There are no screws holding the printer in the calculator shell, just careful design of the shell itself. So all that remained was disconnecting the wiring. For ease of assembly these wires are glued to a small piece of plastic which holds the wires at the proper (0.1" or 2.54mm) spacing. Unfortunately this had come loose during my handling. To make it easier to connect these wires to my solderless breadboard I assembled a plug of sorts from a small piece of pad-per-hole perf-board and an 8-position pin header.


I then assembled a test circuit using a Microchip 16F872 PIC processor I had laying around. As configured the PIC executes a bit faster than 1 MIPS. The shortest signal I need to monitor is active for a bit more than 500 uS so there should be enough CPU cycles available for the job.


Now it's mainly a software job, which happens to be something I'm quite good at. Thus far I have a simple program which spins the motor when the button is pushed. This may not seem like a lot, but it does prove the PIC correctly reading the switch and is capable of driving the FETs.
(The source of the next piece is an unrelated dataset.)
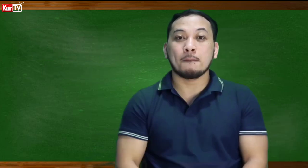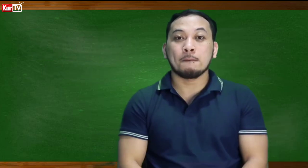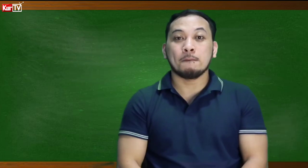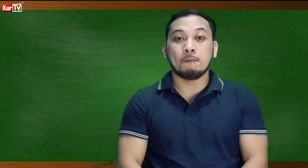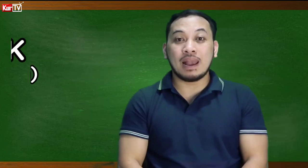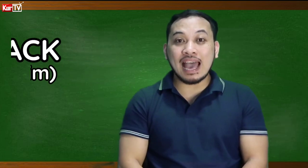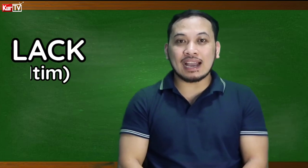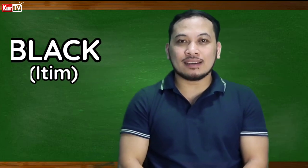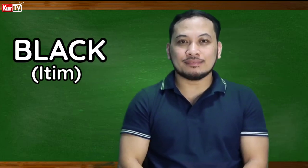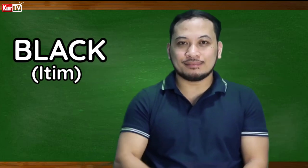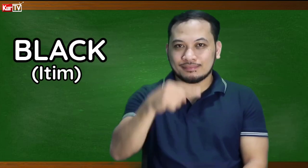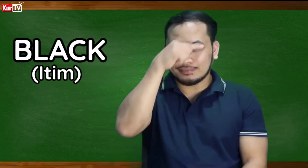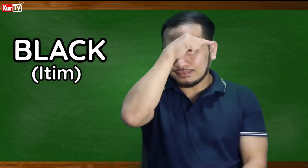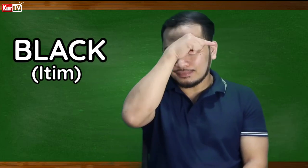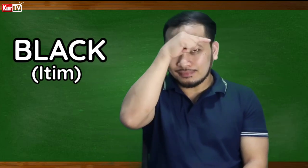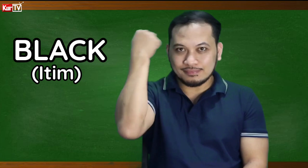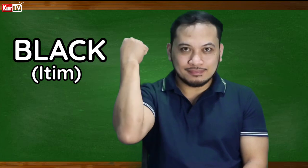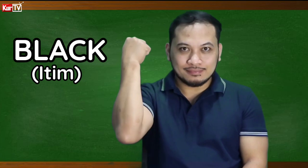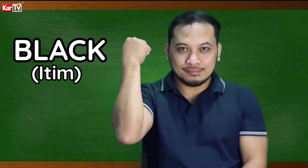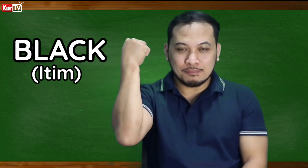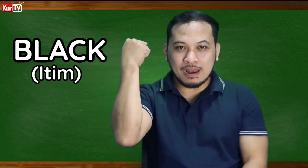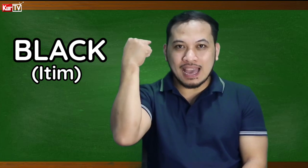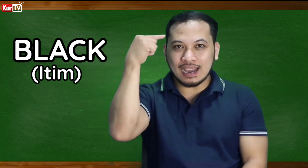Black! Black!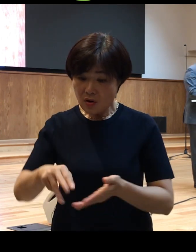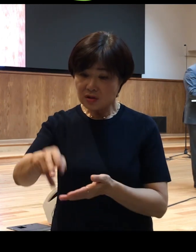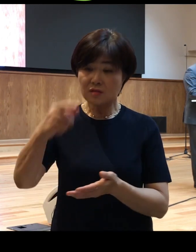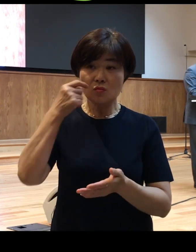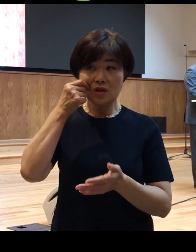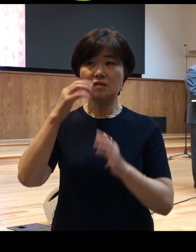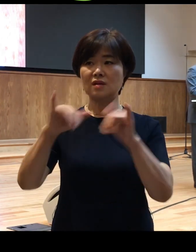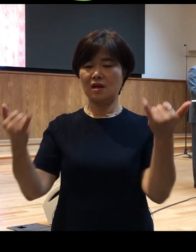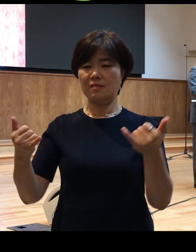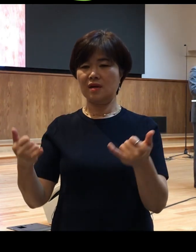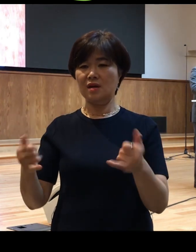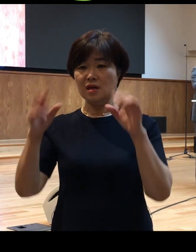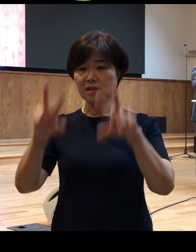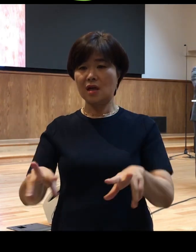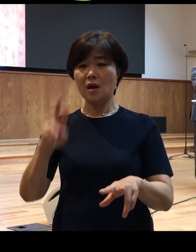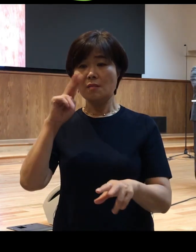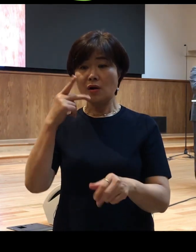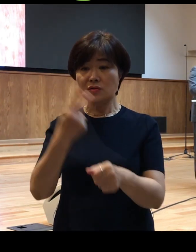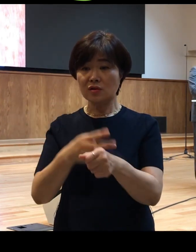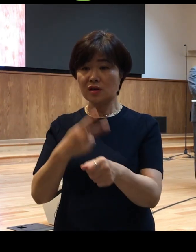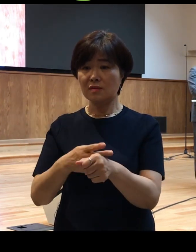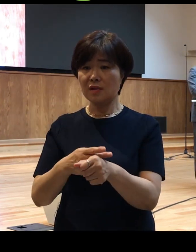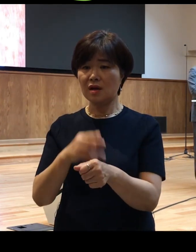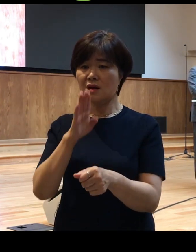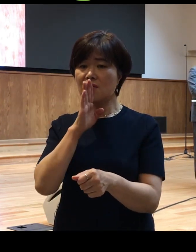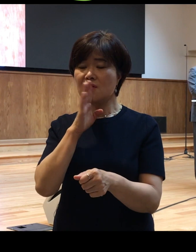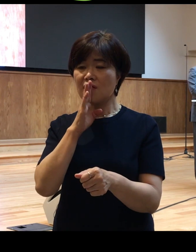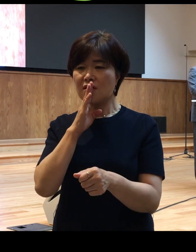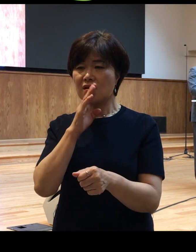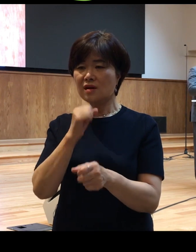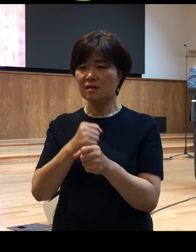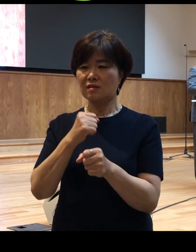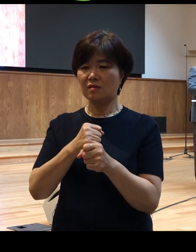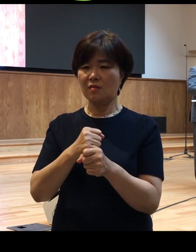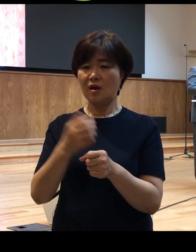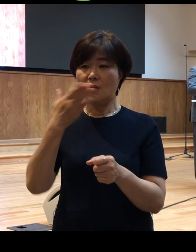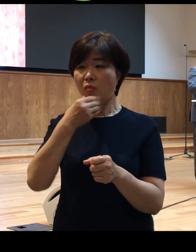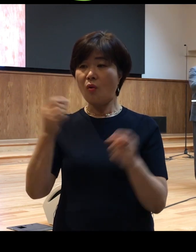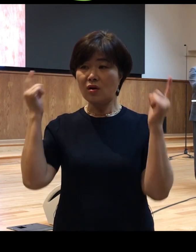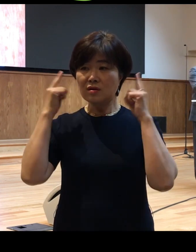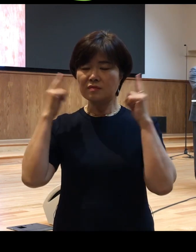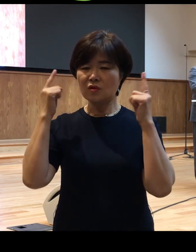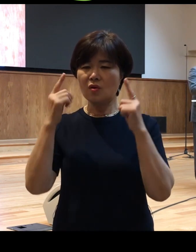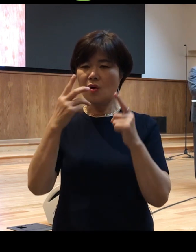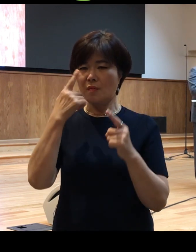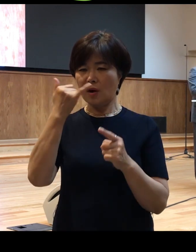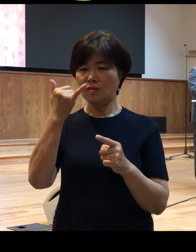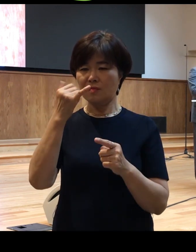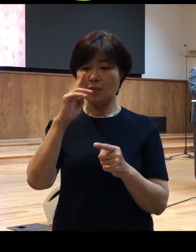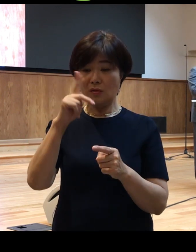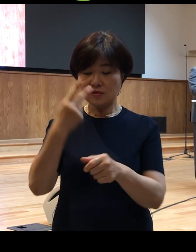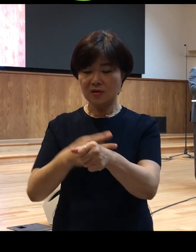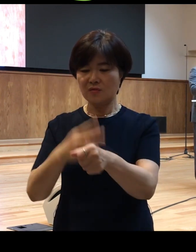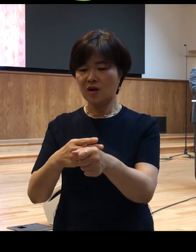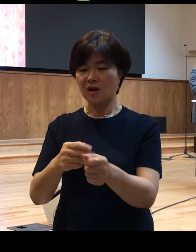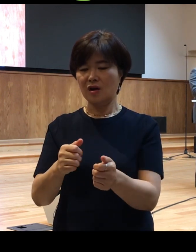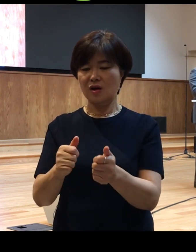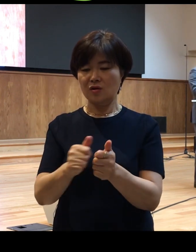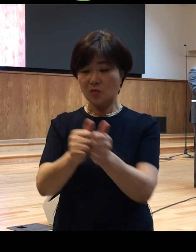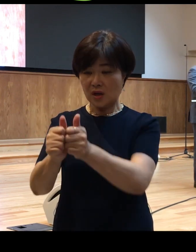바울의 수행자가 되었다는 말이 아닙니다 보금을 듣고 바울과 동행했다는 이야기가 아니라 이 말은 바로

As I work out the state machines needed to drive the printer I noticed an interesting detail in the timing of the position sensor outputs. From Arne Rossius's description, and my initial impressions, I expected there to be exactly one period during each rotation when both the rotation index marking the start position of the print wheel and the start of symbol index would be active. As you can see in this logic analyzer output, this is not the case. There's one overlap at what I consider the start of the wheel sequence where the rotation index is active for the entire period the symbol index is active, but there's also a brief overlap just before the rotation index goes inactive.


Sampling at a higher rate (1 us) on my testbed I see the long overlap as 528 uS while the shorter is only 86 uS. I have to believe the intent is to use the long overlap, but that would mean the rotation index is sampled on the rising edge of the symbol index. I think I need to ponder this a while.

 
I did have one casualty while assembling the testbed. I'm using a pair of MOSFETs from my leftover parts bin to drive the motor and solenoid, visible as black squares on the upper right corner of the breadboard. I had the blue push-button switch wired to the FET driving the motor so the motor would spin when I pressed the switch. After this part of the circuit was assembled and working I walked away from my bench for a moment. When I came back I reached for the blue push-button switch and felt a spark at the tip of my finger. Pressing the button no longer made the motor spin, and I'm sure the spark trashed the FET. Oops.

This is the first piece of electronic hardware I've zapped with static since I trashed one of the 12 then-existing pre-production CMOS 8048 processors in 1981. I drew a 6 inch arc to my finger that day (no, I'm not kidding, and yes, it hurt a lot) and I've been pretty good about anti-static procedures since then. Fortunately I have quite a few of these FETs in a tube, so losing one was no big deal. But it looks like I need to re-evaluate my workbench environment.